The Politics of Protectionism: The Cartoon Forum

Jill McGreal discusses the politics of funding for animation via the European Union's CARTOON initiative, which is trying to create the infrastructure for a transnational industry.

CARTOON runs other major programs, including training schemes and the studio grouping scheme. Under this latter scheme, European companies are encouraged to come together in joint ventures for which the successful applicants receive subsidies with which to attend markets, produce promotional material and administer co-productions. Last, but certainly not least, CARTOON runs the Cartoon D'Or (The Golden Cartoon), a prize worth 35,000 ECUs which is awarded yearly at the Forum to the best European animated film, an amount which the filmmaker must commit towards a new project. This year the Cartoon D'Or was awarded to Tyron Montgomery for his outstanding first film, Quest.

Promoting European Animation
CARTOON's mandate is to create a European industrial base for animation. Its policies are openly projectionist and designed to provide a ready supply of indigenous product for European television screens and to promote European animation within the competitive international television market. For "international" read American, although CARTOON's policies are not so much anti-American as pro-European--there is a difference. CARTOON has been very successful. Their Appraisal 1988-1995, published at the close of MEDIA I, reports on the facts and figures: an increase of 50% over 5 years of European series being broadcast on European television, an increase in annual production to 700 hours from 60 in 1986, the beginning of long format series production, something that was inconceivable in 1988, and so on.

Fortunately for CARTOON the business environment has also changed and the amount of available resources has kept pace with the increased number of projects looking for funding, although whether this is a direct effect of CARTOON's actions is moot. It could just be a global recognition of the potential value of children's programming, without which all of CARTOON's most strenuous efforts would not have yielded the same spectacular results. But the counter-argument could run something like this: local broadcasters have a choice of acquiring or commissioning product for their schedules. It's cheaper to acquire, but it's potentially lucrative to invest in product where the back end earns money from several revenue streams. It's unlikely that local broadcasters would have an opportunity to invest in foreign (American) projects where the sale of equity begins and ends in the foreign domestic market. But if a local broadcaster is offered local projects which are of a high enough standard to compete internationally for revenues from sales, video, merchandising, etc., then that local broadcaster is more likely to want to invest in those local projects.

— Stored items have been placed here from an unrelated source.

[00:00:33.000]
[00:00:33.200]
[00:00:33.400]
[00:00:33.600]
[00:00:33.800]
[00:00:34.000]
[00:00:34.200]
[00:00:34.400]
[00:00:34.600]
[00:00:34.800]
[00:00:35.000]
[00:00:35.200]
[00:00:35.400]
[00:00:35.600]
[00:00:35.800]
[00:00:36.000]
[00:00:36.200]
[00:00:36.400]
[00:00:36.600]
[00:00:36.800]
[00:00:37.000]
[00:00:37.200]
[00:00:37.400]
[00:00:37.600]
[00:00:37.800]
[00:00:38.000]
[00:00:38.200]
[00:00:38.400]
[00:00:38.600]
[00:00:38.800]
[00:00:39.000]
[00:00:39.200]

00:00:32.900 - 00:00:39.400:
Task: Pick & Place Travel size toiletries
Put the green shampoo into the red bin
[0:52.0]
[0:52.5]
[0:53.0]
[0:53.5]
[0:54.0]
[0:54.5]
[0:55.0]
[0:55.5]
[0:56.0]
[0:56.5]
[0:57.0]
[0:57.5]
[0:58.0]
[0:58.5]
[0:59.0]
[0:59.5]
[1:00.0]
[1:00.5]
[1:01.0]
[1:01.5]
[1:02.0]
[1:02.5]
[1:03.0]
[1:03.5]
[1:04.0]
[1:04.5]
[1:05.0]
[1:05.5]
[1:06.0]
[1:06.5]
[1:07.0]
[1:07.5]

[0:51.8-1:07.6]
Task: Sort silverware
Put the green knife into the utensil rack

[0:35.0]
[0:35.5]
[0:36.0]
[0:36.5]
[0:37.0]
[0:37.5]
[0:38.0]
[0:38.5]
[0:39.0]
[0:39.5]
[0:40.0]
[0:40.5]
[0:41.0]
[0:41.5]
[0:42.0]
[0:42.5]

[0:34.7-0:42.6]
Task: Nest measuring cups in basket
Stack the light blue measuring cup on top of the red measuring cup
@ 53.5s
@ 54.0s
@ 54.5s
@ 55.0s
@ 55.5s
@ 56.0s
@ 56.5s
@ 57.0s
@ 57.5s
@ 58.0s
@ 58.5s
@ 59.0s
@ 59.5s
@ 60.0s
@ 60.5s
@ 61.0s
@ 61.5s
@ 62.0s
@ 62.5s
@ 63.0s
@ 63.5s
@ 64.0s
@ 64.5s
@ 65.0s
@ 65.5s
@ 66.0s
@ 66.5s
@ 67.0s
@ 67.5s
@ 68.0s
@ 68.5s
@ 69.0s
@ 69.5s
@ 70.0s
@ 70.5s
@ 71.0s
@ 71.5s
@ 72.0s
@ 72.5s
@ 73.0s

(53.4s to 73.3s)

The big money comes from merchandising, a fact which every parent will instantly appreciate. But it's a fact that of any 10 programs being scheduled at any one time in the UK, less than half will be British and only one of them will achieve any merchandise success at all. In the video retail stores 68% of sales are Disney titles and the rest of the shelf space is purchased by the companies with the biggest marketing spends. British titles may find their way into a grubby little space on the bottom shelf behind the pillar.